[Dataset items]
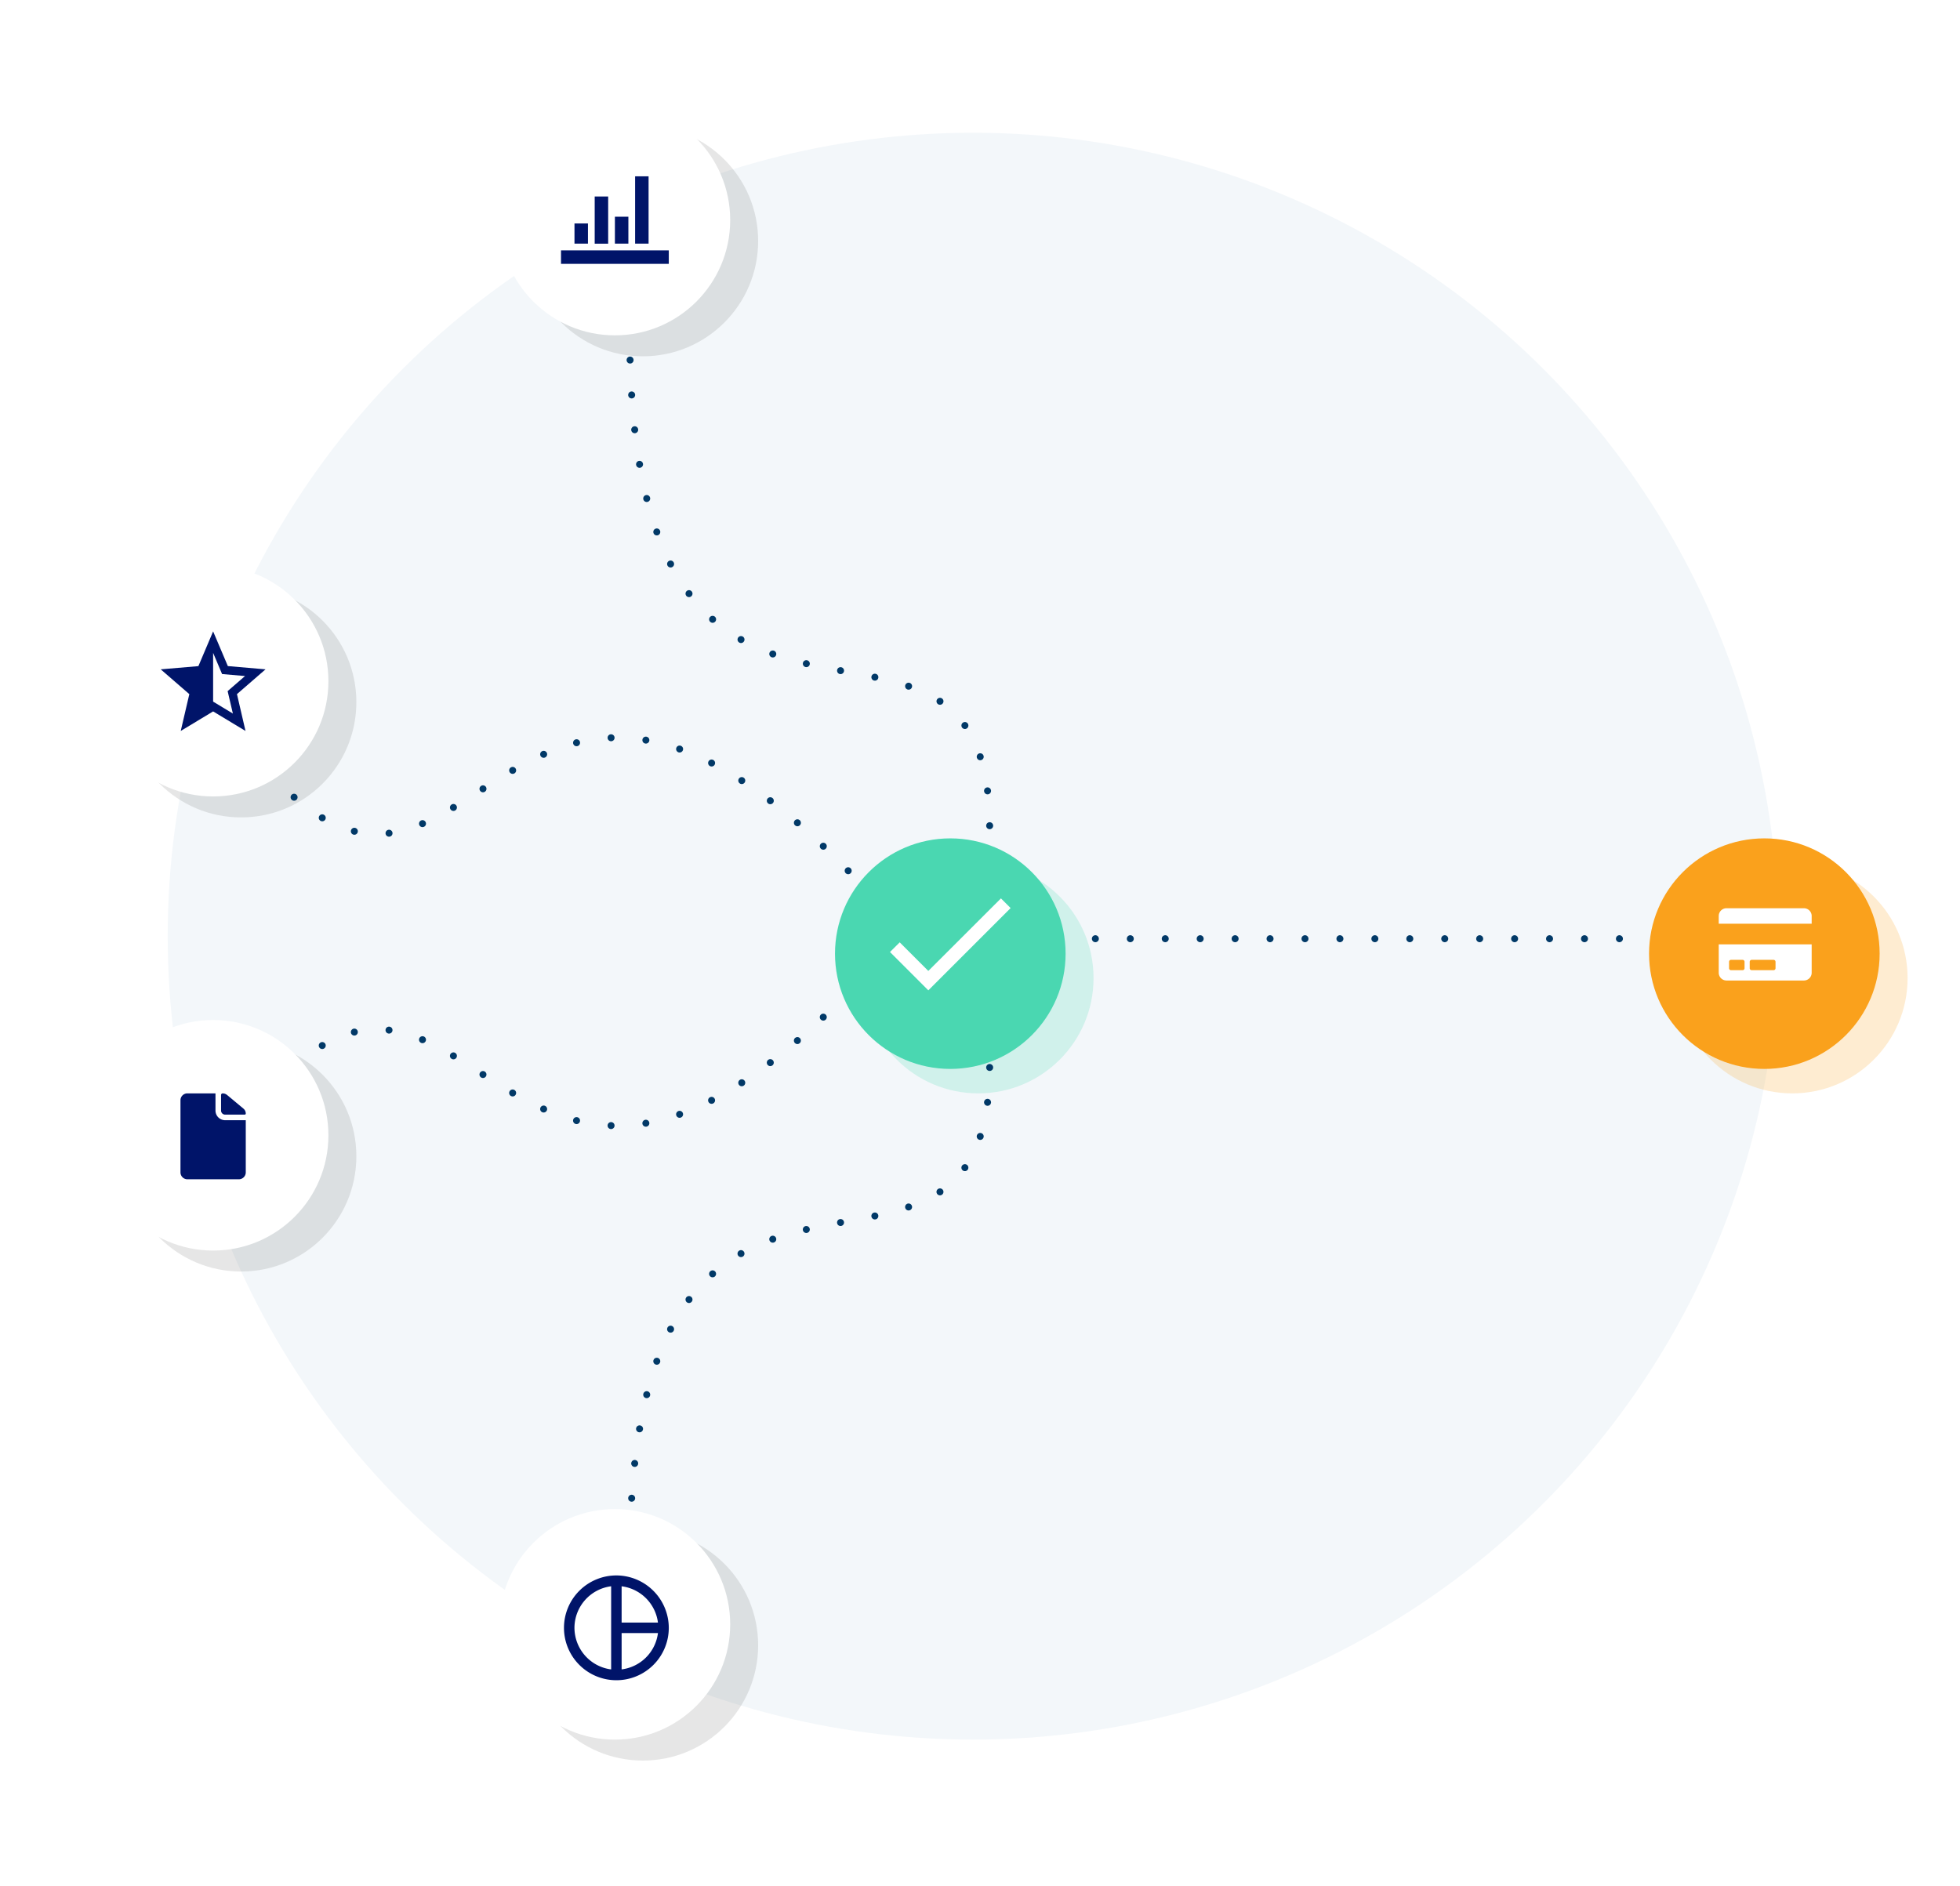 <svg xmlns="http://www.w3.org/2000/svg" xmlns:xlink="http://www.w3.org/1999/xlink" width="561" height="540" viewBox="0 0 561 540">
  <defs>
    <filter id="Ellipse_171" x="463" y="231" width="84" height="84" filterUnits="userSpaceOnUse">
      <feOffset dy="3" input="SourceAlpha"/>
      <feGaussianBlur stdDeviation="3" result="blur"/>
      <feFlood flood-opacity="0.161"/>
      <feComposite operator="in" in2="blur"/>
      <feComposite in="SourceGraphic"/>
    </filter>
    <filter id="Ellipse_174" x="230" y="231" width="84" height="84" filterUnits="userSpaceOnUse">
      <feOffset dy="3" input="SourceAlpha"/>
      <feGaussianBlur stdDeviation="3" result="blur-2"/>
      <feFlood flood-opacity="0.161"/>
      <feComposite operator="in" in2="blur-2"/>
      <feComposite in="SourceGraphic"/>
    </filter>
  </defs>
  <g id="Group_278" data-name="Group 278" transform="translate(-1080 -1177)">
    <ellipse id="Ellipse_166" data-name="Ellipse 166" cx="230.5" cy="230" rx="230.5" ry="230" transform="translate(1128 1215)" fill="#f3f7fa"/>
    <path id="Path_2567" data-name="Path 2567" d="M2233.147,1359c-16.337,215.2,126.189,56.334,98.022,207.873" transform="translate(-971.592 -118.894)" fill="none" stroke="#013967" stroke-linecap="round" stroke-width="2" stroke-dasharray="0 10"/>
    <line id="Line_95" data-name="Line 95" x2="230.97" transform="translate(1363.52 1445.726)" fill="none" stroke="#013967" stroke-linecap="round" stroke-width="2" stroke-dasharray="0 10"/>
    <circle id="Ellipse_172" data-name="Ellipse 172" cx="33" cy="33" r="33" transform="translate(1560 1424)" fill="#faa11c" opacity="0.2"/>
    <circle id="Ellipse_173" data-name="Ellipse 173" cx="33" cy="33" r="33" transform="translate(1327 1424)" fill="#4ad7b1" opacity="0.2"/>
    <path id="Path_2571" data-name="Path 2571" d="M2233.147,1566.873c-16.337-215.2,126.189-56.334,98.022-207.873" transform="translate(-971.592 88.979)" fill="none" stroke="#013967" stroke-linecap="round" stroke-width="2" stroke-dasharray="0 10"/>
    <path id="Path_2569" data-name="Path 2569" d="M103.268,1.494C120.288,216.055-22.259,57.212,6.327,208.36" transform="translate(1274.535 1359.498) rotate(43)" fill="none" stroke="#013967" stroke-linecap="round" stroke-width="2" stroke-dasharray="0 10"/>
    <circle id="Ellipse_175" data-name="Ellipse 175" cx="33" cy="33" r="33" transform="translate(1231 1213)" opacity="0.1"/>
    <circle id="Ellipse_176" data-name="Ellipse 176" cx="33" cy="33" r="33" transform="translate(1116 1345)" opacity="0.1"/>
    <circle id="Ellipse_177" data-name="Ellipse 177" cx="33" cy="33" r="33" transform="translate(1116 1475)" opacity="0.1"/>
    <circle id="Ellipse_178" data-name="Ellipse 178" cx="33" cy="33" r="33" transform="translate(1231 1615)" opacity="0.1"/>
    <path id="Path_2570" data-name="Path 2570" d="M100.26,206.818C117.279-7.743-25.267,151.1,3.319-.048" transform="translate(1134.667 1373.524) rotate(-43)" fill="none" stroke="#013967" stroke-linecap="round" stroke-width="2" stroke-dasharray="0 10"/>
    <circle id="Ellipse_167" data-name="Ellipse 167" cx="33" cy="33" r="33" transform="translate(1223 1207)" fill="#fff"/>
    <g transform="matrix(1, 0, 0, 1, 1080, 1177)" filter="url(#Ellipse_171)">
      <circle id="Ellipse_171-2" data-name="Ellipse 171" cx="33" cy="33" r="33" transform="translate(472 237)" fill="#faa11c"/>
    </g>
    <g transform="matrix(1, 0, 0, 1, 1080, 1177)" filter="url(#Ellipse_174)">
      <circle id="Ellipse_174-2" data-name="Ellipse 174" cx="33" cy="33" r="33" transform="translate(239 237)" fill="#4ad7b1"/>
    </g>
    <circle id="Ellipse_168" data-name="Ellipse 168" cx="33" cy="33" r="33" transform="translate(1108 1339)" fill="#fff"/>
    <circle id="Ellipse_169" data-name="Ellipse 169" cx="33" cy="33" r="33" transform="translate(1108 1469)" fill="#fff"/>
    <circle id="Ellipse_170" data-name="Ellipse 170" cx="33" cy="33" r="33" transform="translate(1223 1609)" fill="#fff"/>
    <path id="Icon_material-check" data-name="Icon material-check" d="M16.087,29.152,7.9,20.967,5.115,23.734,16.087,34.706,39.641,11.153,36.873,8.385Z" transform="translate(1329.622 1425.798)" fill="#fff"/>
    <path id="Icon_metro-chart-bars" data-name="Icon metro-chart-bars" d="M2.571,26.992H33.419v3.856H2.571ZM6.427,19.28h3.856v5.784H6.427Zm5.784-7.712h3.856v13.5H12.211Zm5.784,5.784h3.856v7.712H17.995ZM23.779,5.784h3.856v19.28H23.779Z" transform="translate(1238.005 1221.684)" fill="#001469"/>
    <path id="Icon_material-pie-chart-outlined" data-name="Icon material-pie-chart-outlined" d="M18,3A15,15,0,1,0,33,18,15.044,15.044,0,0,0,18,3Zm1.5,3.105A12.018,12.018,0,0,1,29.9,16.5H19.5ZM6,18A12.03,12.03,0,0,1,16.5,6.1V29.91A12.057,12.057,0,0,1,6,18ZM19.5,29.9V19.5H29.9A12,12,0,0,1,19.5,29.9Z" transform="translate(1238.424 1625)" fill="#001469"/>
    <path id="Icon_material-star-half" data-name="Icon material-star-half" d="M33,13.86l-10.785-.93L18,3l-4.215,9.945L3,13.86l8.19,7.1L8.73,31.5,18,25.905,27.27,31.5,24.825,20.955ZM18,23.1V9.15l2.565,6.06,6.57.57-4.98,4.32,1.5,6.42Z" transform="translate(1123 1354.75)" fill="#001469"/>
    <path id="Icon_awesome-credit-card" data-name="Icon awesome-credit-card" d="M0,20.721a2.217,2.217,0,0,0,2.217,2.217H24.382A2.217,2.217,0,0,0,26.6,20.721V12.594H0Zm8.866-3.14a.556.556,0,0,1,.554-.554H15.7a.556.556,0,0,1,.554.554v1.847a.556.556,0,0,1-.554.554H9.42a.556.556,0,0,1-.554-.554Zm-5.911,0a.556.556,0,0,1,.554-.554H6.834a.556.556,0,0,1,.554.554v1.847a.556.556,0,0,1-.554.554H3.509a.556.556,0,0,1-.554-.554ZM26.6,4.467V6.683H0V4.467A2.217,2.217,0,0,1,2.217,2.25H24.382A2.217,2.217,0,0,1,26.6,4.467Z" transform="translate(1571.946 1434.75)" fill="#fff"/>
    <g id="Icon_ionic-ios-document" data-name="Icon ionic-ios-document" transform="translate(1124.344 1486.063)">
      <path id="Path_2572" data-name="Path 2572" d="M21.77,10.024h5.594a.3.3,0,0,0,.307-.307h0a1.819,1.819,0,0,0-.658-1.408L22.323,4.4a1.974,1.974,0,0,0-1.266-.455h0A.454.454,0,0,0,20.6,4.4V8.856A1.167,1.167,0,0,0,21.77,10.024Z" transform="translate(-1.671 -0.001)" fill="#001469"/>
      <path id="Path_2573" data-name="Path 2573" d="M17.332,8.855V3.938H9.28A1.973,1.973,0,0,0,7.313,5.9V26.559A1.973,1.973,0,0,0,9.28,28.526H24.033A1.973,1.973,0,0,0,26,26.559V11.622H20.1A2.77,2.77,0,0,1,17.332,8.855Z" fill="#001469"/>
    </g>
  </g>
</svg>

§ Exercise details:
Copy each line of the data above that holds "stdDeviation".

§ Task response:
      <feGaussianBlur stdDeviation="3" result="blur"/>
      <feGaussianBlur stdDeviation="3" result="blur-2"/>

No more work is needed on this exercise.